Different strategies for dealing with missing data:

- Ignore the issue
  - some things may break / not work as expected
- Remove rows/columns with missing data
  - remove all rows with missing data: `df.dropna(axis=0)`
  - remove all columns with missing data: `df.dropna(axis=1)`
- Guess (impute) missing data
  - replace all missing entries with a value: `df.fillna(1)`
  - replace missing entries with mean for that column `df.fillna(df.mean())`
  - replace each missing entry with previous valid entry: `df.fillna(method="pad")`
  - replace missing by interpolating between valid entries: `df.interpolate()`

In [None]:
# count missing entries for each column
df.isna().sum()

In [None]:
# If PumpCount is missing, typically so is PumpHoursTotal
# 55 rows are missing at least one of these
pump_missing = df["PumpCount"].isna() | df["PumpHoursTotal"].isna()
print(pump_missing.sum())

In [None]:
# so we could choose to drop these rows
df1 = df.drop(df.loc[pump_missing == True].index)
# here we made a new dataset df1 with these rows dropped
# to drop the rows from the original dataset df, could do:
#
# df = df.drop(df.loc[pump_missing == True].index)
#
# or:
#
# df.drop(df.loc[pump_missing == True].index, inplace=True)
#
print(len(df1))

In [None]:
# another equivalent way to do this
df2 = df.dropna(subset=["PumpCount", "PumpHoursTotal"])
print(len(df2))

In [None]:
# but if we drop them, we lose valid data from other columns
# let's look at the distribution of values:
fig, axs = plt.subplots(1, 2, figsize=(14, 6))
df.plot.hist(y="PumpCount", ax=axs[0])
df.plot.hist(y="PumpHoursTotal", ax=axs[1])
plt.plot()

In [None]:
# looks like it would be better to replace missing PumpCount and PumpHoursTotal fields with 1
?df.fillna
df.fillna({"PumpCount": 1, "PumpHoursTotal": 1}, inplace=True)

In [None]:
df.isna().sum()

# Count the unique entries in each column

In [None]:
df.nunique().sort_values()

In [None]:
# this column is always the same:
df["TypeOfIncident"].unique()

In [None]:
# so not interesting - we can drop it from our dataframe:
df.drop("TypeOfIncident", axis=1, inplace=True)

In [None]:
# "cat" and "Cat" are treated as different animals here:
df["AnimalGroupParent"].unique()

In [None]:
# select rows where AnimalGroupParent is "cat", replace with "Cat"
df.loc[df["AnimalGroupParent"] == "cat", "AnimalGroupParent"] = "Cat"

In [None]:
df["AnimalGroupParent"].unique()

In [None]:
df.groupby("AnimalGroupParent")["IncidentNumber"].count().sort_values().plot.barh(
    logx=True
)
plt.show()

In [None]:
df["SpecialServiceType"].unique()

In [None]:
# apparently different hourly costs
# does it depend on the type of event? or does it just increase over time?
df["HourlyNotionalCost(£)"].unique()

In [None]:
# just goes up over time
df["HourlyNotionalCost(£)"].plot.line()

In [None]:
df.groupby("StnGroundName")["IncidentNumber"].count()

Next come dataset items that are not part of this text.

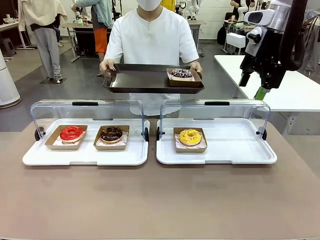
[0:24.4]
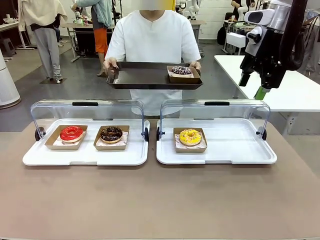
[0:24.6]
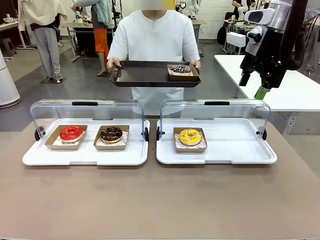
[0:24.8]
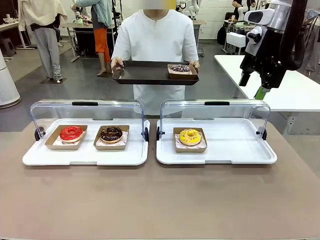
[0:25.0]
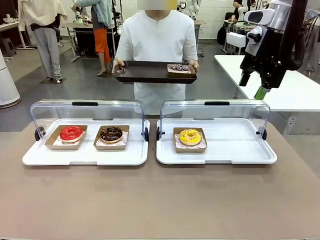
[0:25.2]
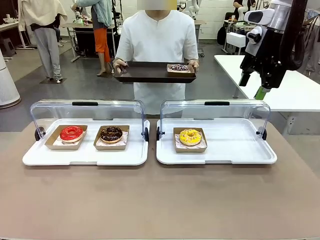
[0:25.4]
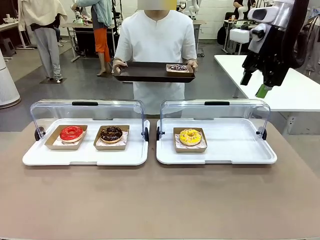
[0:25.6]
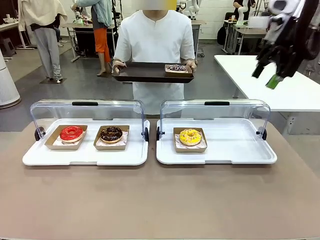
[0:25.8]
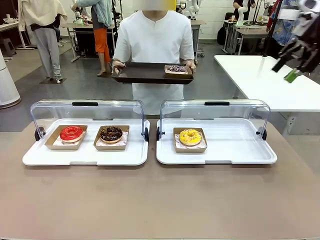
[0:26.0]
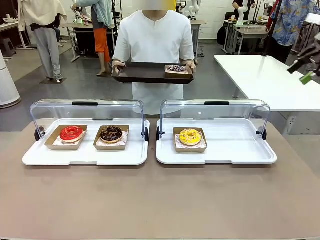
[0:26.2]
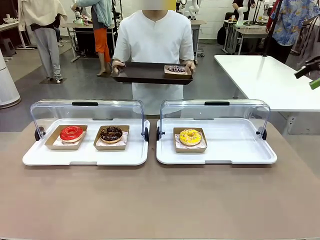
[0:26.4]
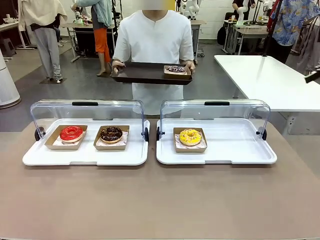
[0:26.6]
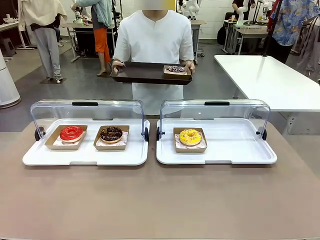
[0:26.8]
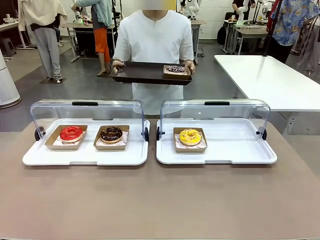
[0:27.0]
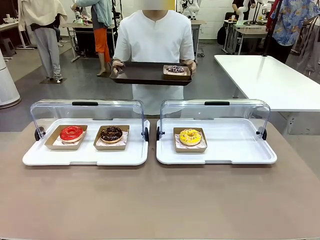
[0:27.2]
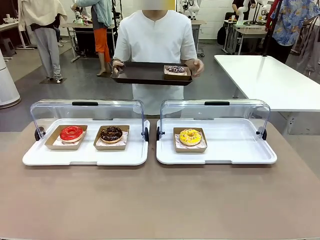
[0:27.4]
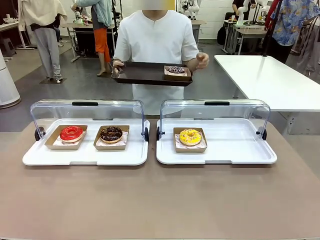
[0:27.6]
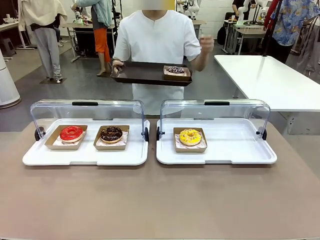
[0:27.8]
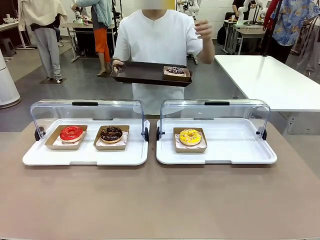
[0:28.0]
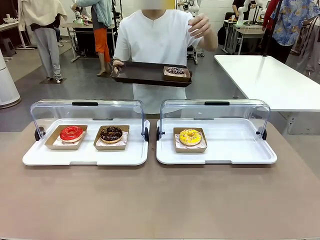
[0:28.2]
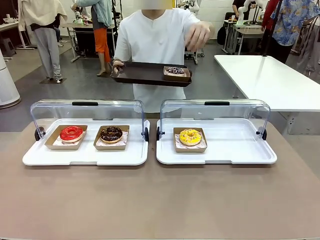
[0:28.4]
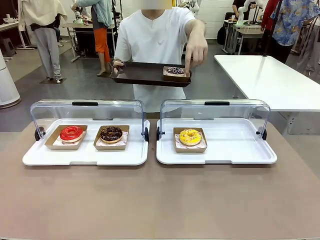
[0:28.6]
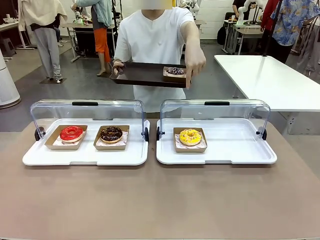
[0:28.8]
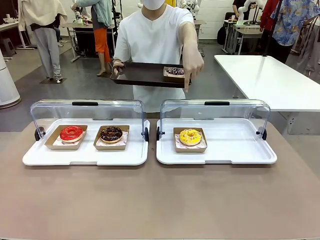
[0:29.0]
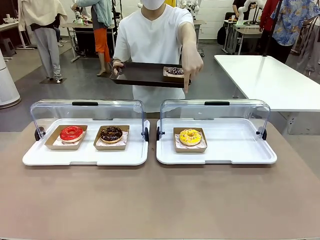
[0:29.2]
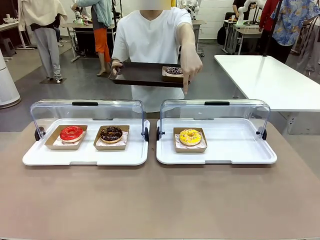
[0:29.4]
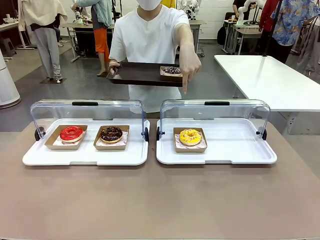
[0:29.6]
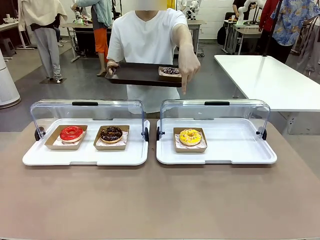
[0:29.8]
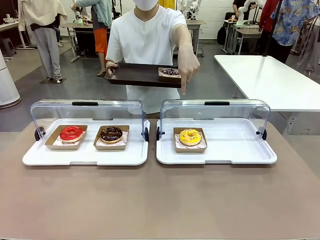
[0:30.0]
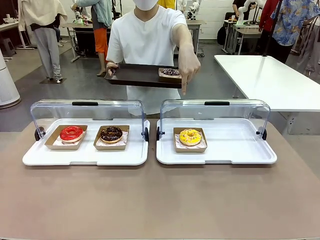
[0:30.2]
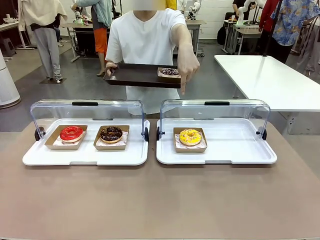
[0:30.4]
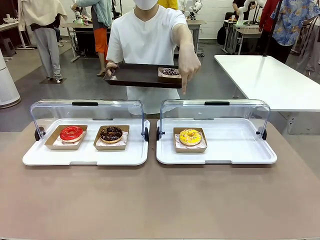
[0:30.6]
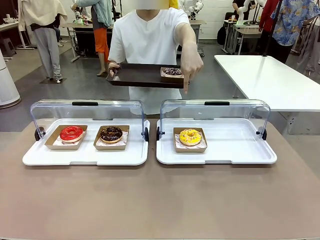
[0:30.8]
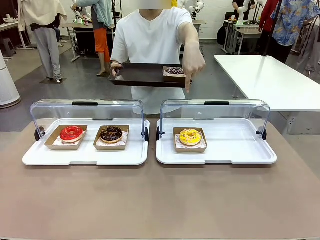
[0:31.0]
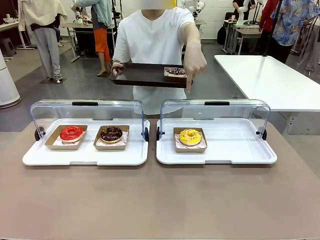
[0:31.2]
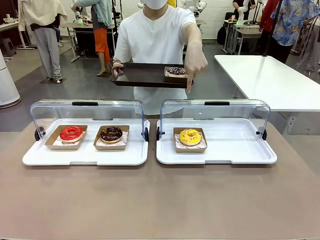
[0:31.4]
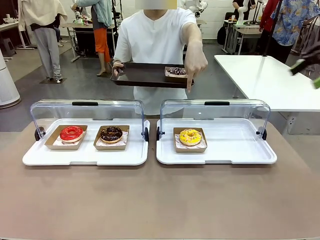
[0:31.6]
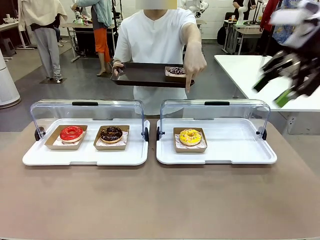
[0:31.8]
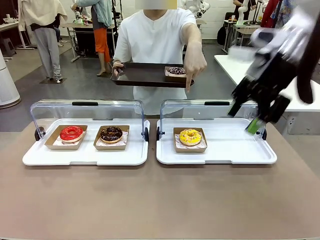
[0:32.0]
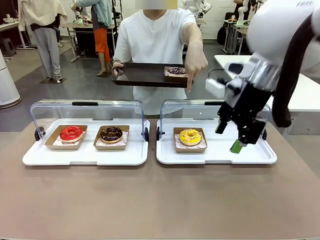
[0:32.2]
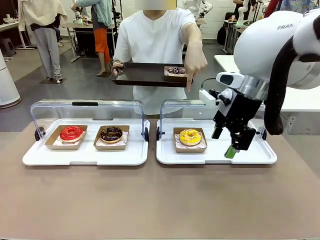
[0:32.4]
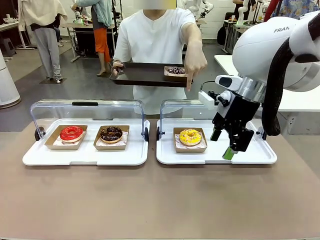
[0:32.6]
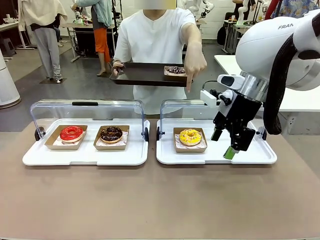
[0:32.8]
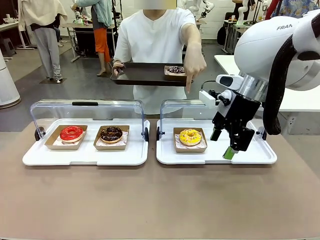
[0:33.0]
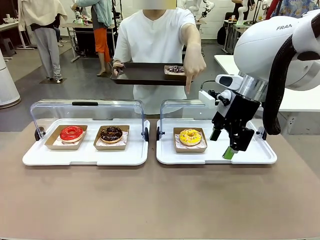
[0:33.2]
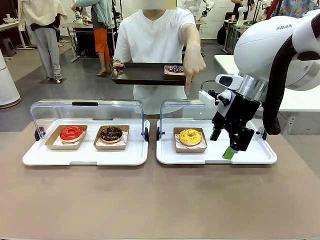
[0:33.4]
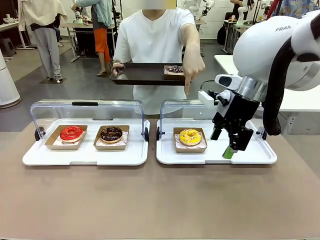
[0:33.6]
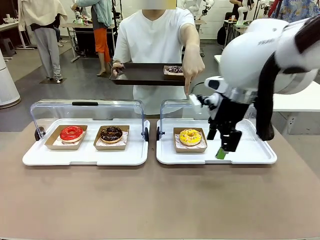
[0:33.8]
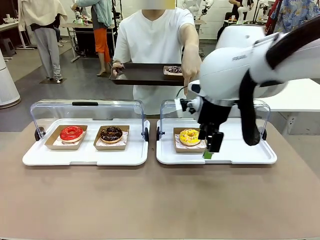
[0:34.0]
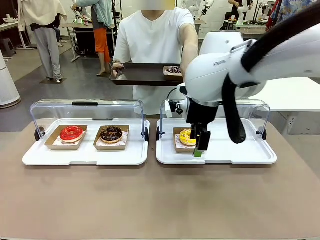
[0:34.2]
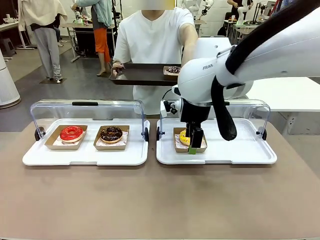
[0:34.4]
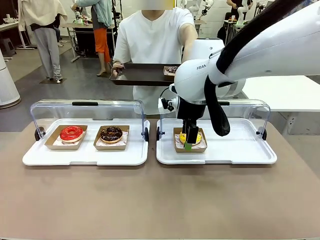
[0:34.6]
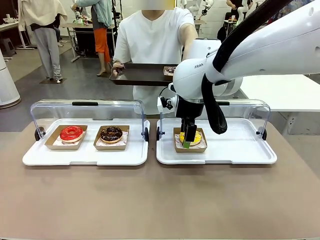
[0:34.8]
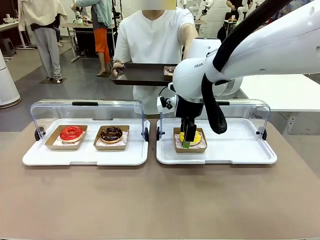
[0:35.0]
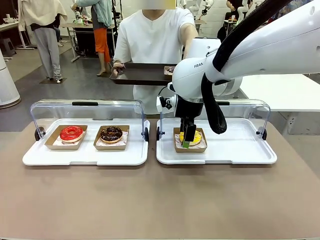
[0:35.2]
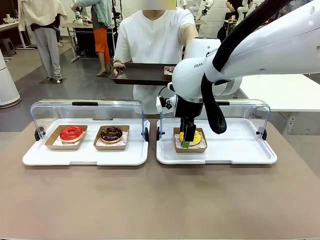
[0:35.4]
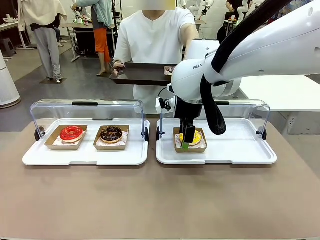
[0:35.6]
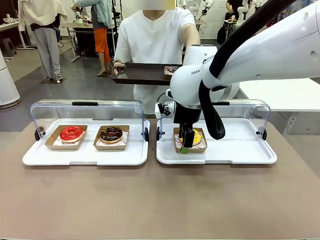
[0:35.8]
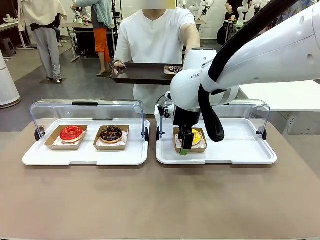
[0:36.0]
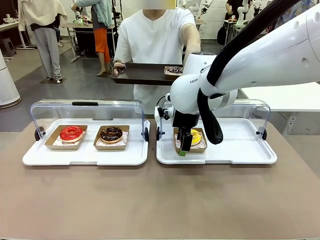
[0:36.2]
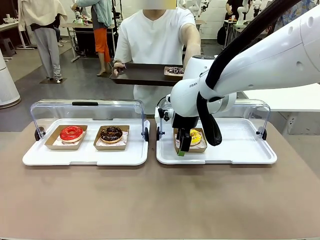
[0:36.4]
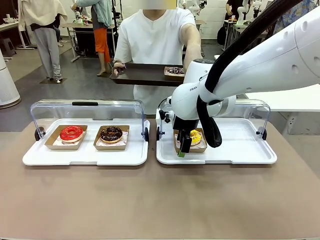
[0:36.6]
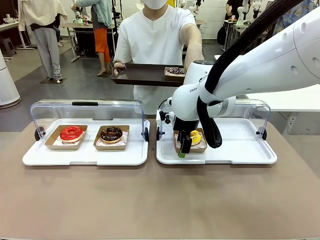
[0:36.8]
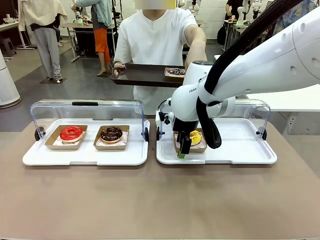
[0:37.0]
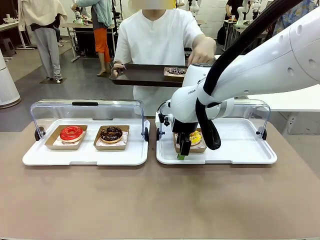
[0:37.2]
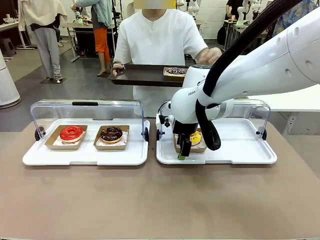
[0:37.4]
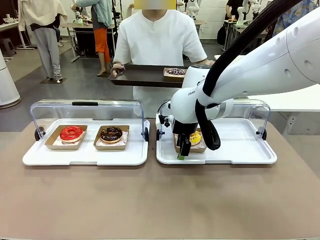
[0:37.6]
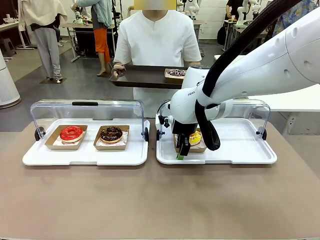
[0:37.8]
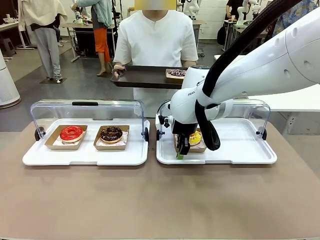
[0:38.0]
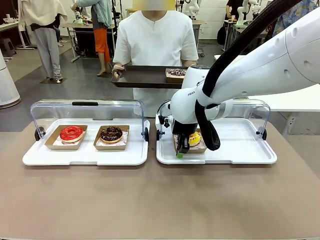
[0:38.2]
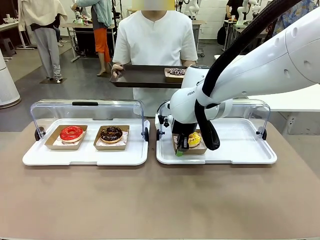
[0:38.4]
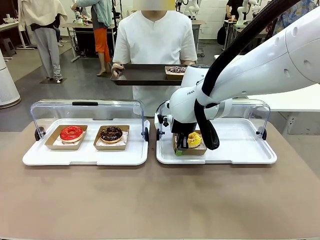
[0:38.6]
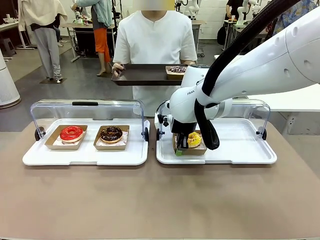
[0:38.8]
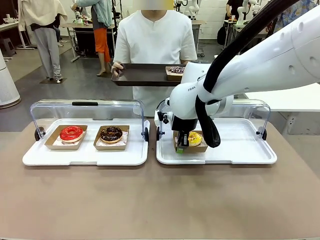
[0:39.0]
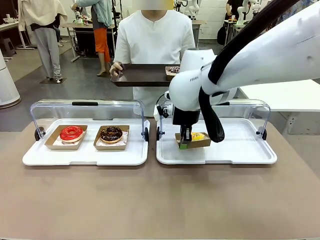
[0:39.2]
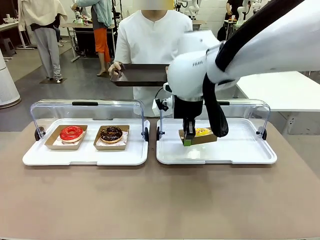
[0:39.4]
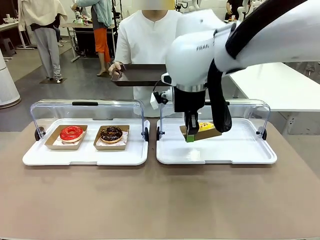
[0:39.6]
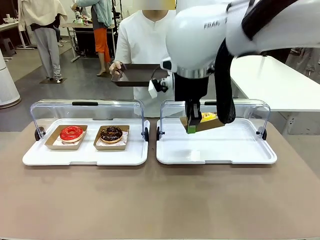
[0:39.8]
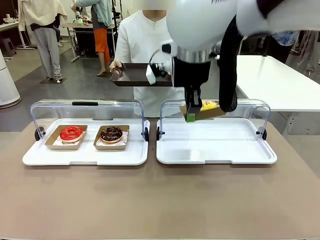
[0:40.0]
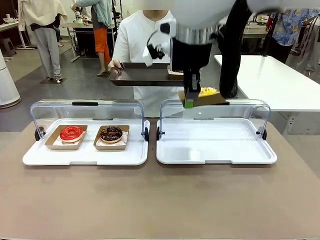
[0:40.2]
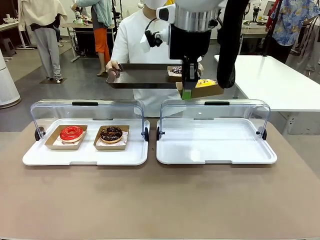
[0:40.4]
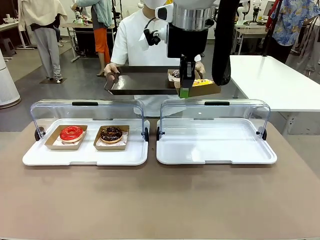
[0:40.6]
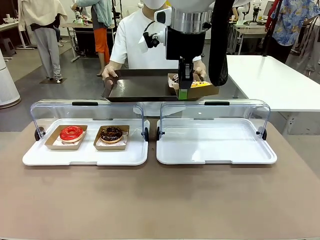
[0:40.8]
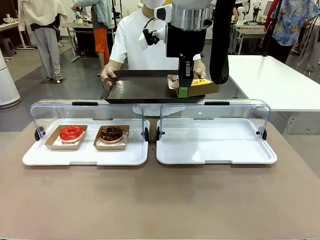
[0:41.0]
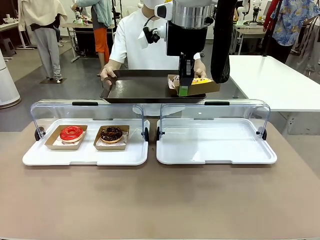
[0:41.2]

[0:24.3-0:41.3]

## Plot location of calls on a map

In [None]:
# drop missing longitude/latitude
df2 = df.dropna(subset=["Longitude", "Latitude"])
# also drop zero values
df2 = df2[df2["Latitude"] != 0]
# convert to geodataframe using geopandas
import geopandas

# set crs to EPSG:4326 to specify WGS84 Latitude/Longitude
gdf = geopandas.GeoDataFrame(
    df2,
    geometry=geopandas.points_from_xy(df2["Longitude"], df2["Latitude"]),
    crs="EPSG:4326",
)
gdf.head()

In [None]:
import contextily as cx

f, ax = plt.subplots(figsize=(16, 16))
# plot location of calls involving animals
gdf[gdf["AnimalGroupParent"] == "Cow"].plot(
    ax=ax, color="black", alpha=0.3, label="Cow"
)
gdf[gdf["AnimalGroupParent"] == "Deer"].plot(
    ax=ax, color="red", alpha=0.3, label="Deer"
)
gdf[gdf["AnimalGroupParent"] == "Fox"].plot(ax=ax, color="blue", alpha=0.3, label="Fox")
# add a basemap of the region using contextily
cx.add_basemap(ax, crs=gdf.crs)
plt.title("Call locations by animal")
plt.legend()
plt.axis("off")
plt.show()